▸ **EXERCISE MATERIAL**:
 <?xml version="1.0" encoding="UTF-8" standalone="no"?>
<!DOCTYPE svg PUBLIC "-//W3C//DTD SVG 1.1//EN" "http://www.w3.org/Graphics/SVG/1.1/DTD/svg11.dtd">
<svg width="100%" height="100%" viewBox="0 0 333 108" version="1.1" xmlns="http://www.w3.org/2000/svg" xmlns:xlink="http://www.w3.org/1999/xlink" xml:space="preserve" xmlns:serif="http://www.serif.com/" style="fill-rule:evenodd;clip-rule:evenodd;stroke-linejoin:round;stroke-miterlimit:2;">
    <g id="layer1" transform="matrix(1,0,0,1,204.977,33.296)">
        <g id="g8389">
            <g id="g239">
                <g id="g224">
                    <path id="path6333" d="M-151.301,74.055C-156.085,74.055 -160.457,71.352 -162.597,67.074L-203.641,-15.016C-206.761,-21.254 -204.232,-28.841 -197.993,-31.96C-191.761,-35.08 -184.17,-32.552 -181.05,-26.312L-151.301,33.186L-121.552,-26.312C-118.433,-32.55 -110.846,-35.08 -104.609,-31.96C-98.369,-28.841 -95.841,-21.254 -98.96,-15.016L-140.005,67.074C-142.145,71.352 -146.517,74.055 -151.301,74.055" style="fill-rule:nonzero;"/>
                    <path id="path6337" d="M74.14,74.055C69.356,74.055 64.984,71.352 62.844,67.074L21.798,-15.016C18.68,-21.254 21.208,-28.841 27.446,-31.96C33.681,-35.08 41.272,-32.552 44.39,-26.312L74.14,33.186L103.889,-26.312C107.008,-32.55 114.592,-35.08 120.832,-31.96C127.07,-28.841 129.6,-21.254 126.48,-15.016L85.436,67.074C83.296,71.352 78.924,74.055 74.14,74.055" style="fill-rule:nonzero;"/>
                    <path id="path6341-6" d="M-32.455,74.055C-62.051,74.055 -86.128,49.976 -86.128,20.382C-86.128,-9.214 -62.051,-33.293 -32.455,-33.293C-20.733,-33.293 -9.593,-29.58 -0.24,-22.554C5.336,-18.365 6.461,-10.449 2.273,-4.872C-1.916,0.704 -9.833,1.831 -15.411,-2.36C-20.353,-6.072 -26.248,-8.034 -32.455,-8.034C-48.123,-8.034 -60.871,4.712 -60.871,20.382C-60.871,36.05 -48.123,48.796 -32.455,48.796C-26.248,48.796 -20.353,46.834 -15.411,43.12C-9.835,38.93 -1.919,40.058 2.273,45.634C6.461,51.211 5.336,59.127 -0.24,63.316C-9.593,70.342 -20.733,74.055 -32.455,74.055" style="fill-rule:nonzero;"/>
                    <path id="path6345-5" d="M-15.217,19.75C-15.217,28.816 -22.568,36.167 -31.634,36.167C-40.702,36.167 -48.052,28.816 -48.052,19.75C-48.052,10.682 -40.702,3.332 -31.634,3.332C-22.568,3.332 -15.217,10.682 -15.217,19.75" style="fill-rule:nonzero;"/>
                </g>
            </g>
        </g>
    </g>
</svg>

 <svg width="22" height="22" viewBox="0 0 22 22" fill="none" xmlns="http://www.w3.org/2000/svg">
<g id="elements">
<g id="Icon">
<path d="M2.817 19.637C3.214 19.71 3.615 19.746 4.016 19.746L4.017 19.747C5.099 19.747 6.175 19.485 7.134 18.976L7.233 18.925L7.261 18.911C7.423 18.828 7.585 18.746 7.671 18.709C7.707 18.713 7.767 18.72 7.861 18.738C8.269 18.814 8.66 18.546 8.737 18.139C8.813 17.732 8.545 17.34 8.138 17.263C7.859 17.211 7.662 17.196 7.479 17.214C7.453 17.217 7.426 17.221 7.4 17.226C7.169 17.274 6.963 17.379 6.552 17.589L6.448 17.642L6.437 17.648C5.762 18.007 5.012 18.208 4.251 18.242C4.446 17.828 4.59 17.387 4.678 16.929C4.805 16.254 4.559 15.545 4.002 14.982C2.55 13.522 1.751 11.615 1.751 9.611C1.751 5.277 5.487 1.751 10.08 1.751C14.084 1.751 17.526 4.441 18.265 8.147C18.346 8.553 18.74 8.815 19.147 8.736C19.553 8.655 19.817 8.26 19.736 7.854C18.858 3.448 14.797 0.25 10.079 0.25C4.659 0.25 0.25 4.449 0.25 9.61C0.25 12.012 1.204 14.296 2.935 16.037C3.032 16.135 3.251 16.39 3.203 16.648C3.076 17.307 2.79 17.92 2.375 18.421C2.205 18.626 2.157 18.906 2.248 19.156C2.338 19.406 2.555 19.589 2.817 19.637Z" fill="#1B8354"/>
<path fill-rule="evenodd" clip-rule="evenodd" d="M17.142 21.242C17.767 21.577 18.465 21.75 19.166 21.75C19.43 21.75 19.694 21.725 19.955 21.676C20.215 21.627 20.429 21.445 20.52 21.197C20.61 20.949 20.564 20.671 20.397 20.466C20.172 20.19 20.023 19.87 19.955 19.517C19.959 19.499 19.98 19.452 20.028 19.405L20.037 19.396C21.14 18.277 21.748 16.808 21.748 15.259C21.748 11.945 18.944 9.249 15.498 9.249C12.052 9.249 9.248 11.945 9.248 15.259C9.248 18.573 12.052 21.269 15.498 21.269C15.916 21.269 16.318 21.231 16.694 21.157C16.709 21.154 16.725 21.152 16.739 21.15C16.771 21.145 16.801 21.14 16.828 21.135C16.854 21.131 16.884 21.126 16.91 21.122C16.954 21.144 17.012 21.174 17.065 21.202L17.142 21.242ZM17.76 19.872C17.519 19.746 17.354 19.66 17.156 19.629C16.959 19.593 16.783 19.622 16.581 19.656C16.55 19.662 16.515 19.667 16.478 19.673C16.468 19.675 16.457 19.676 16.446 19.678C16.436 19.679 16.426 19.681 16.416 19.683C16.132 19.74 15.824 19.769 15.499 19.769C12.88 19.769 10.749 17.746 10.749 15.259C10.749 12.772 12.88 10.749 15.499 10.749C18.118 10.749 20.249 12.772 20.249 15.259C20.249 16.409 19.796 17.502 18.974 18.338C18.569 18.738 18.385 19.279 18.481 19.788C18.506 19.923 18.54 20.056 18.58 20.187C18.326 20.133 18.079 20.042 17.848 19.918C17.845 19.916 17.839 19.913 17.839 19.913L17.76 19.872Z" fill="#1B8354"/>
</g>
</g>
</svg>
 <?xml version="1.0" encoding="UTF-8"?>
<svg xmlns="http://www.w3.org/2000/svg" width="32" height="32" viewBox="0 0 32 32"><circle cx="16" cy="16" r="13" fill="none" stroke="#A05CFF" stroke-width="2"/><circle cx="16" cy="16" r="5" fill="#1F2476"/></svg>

▸ **THE TASK**: Set down exactly the lines above that run from the start of the listing to the line with "21.208,-28.841 27.446,-31.96C33.681,-35.08 41.272,-32.552". Leave out every later line.

▸ **RESULT FOR THIS TASK**:
 <?xml version="1.0" encoding="UTF-8" standalone="no"?>
<!DOCTYPE svg PUBLIC "-//W3C//DTD SVG 1.1//EN" "http://www.w3.org/Graphics/SVG/1.1/DTD/svg11.dtd">
<svg width="100%" height="100%" viewBox="0 0 333 108" version="1.1" xmlns="http://www.w3.org/2000/svg" xmlns:xlink="http://www.w3.org/1999/xlink" xml:space="preserve" xmlns:serif="http://www.serif.com/" style="fill-rule:evenodd;clip-rule:evenodd;stroke-linejoin:round;stroke-miterlimit:2;">
    <g id="layer1" transform="matrix(1,0,0,1,204.977,33.296)">
        <g id="g8389">
            <g id="g239">
                <g id="g224">
                    <path id="path6333" d="M-151.301,74.055C-156.085,74.055 -160.457,71.352 -162.597,67.074L-203.641,-15.016C-206.761,-21.254 -204.232,-28.841 -197.993,-31.96C-191.761,-35.08 -184.17,-32.552 -181.05,-26.312L-151.301,33.186L-121.552,-26.312C-118.433,-32.55 -110.846,-35.08 -104.609,-31.96C-98.369,-28.841 -95.841,-21.254 -98.96,-15.016L-140.005,67.074C-142.145,71.352 -146.517,74.055 -151.301,74.055" style="fill-rule:nonzero;"/>
                    <path id="path6337" d="M74.14,74.055C69.356,74.055 64.984,71.352 62.844,67.074L21.798,-15.016C18.68,-21.254 21.208,-28.841 27.446,-31.96C33.681,-35.08 41.272,-32.552 44.39,-26.312L74.14,33.186L103.889,-26.312C107.008,-32.55 114.592,-35.08 120.832,-31.96C127.07,-28.841 129.6,-21.254 126.48,-15.016L85.436,67.074C83.296,71.352 78.924,74.055 74.14,74.055" style="fill-rule:nonzero;"/>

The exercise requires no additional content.